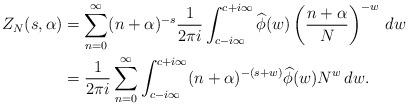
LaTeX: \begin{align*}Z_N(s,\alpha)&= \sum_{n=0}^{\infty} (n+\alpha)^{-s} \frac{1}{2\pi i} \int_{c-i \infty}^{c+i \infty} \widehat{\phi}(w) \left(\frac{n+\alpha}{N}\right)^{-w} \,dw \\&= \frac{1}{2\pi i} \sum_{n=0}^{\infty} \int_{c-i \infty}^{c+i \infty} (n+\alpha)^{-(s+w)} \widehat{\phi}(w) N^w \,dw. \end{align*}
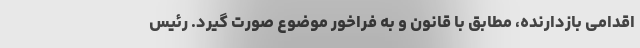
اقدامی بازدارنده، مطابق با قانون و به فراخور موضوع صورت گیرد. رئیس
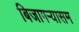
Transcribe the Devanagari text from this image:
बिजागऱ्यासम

----

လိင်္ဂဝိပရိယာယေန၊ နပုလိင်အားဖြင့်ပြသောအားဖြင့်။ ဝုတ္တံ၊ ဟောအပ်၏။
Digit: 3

----

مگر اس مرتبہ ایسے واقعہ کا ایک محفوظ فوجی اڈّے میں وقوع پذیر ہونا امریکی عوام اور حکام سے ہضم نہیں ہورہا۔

----

Return only the part of the records above that opens with the line containing "Transcribe the Devanagari" and closes with the line containing "बिजागऱ्यासम", ends included.

Transcribe the Devanagari text from this image:
बिजागऱ्यासम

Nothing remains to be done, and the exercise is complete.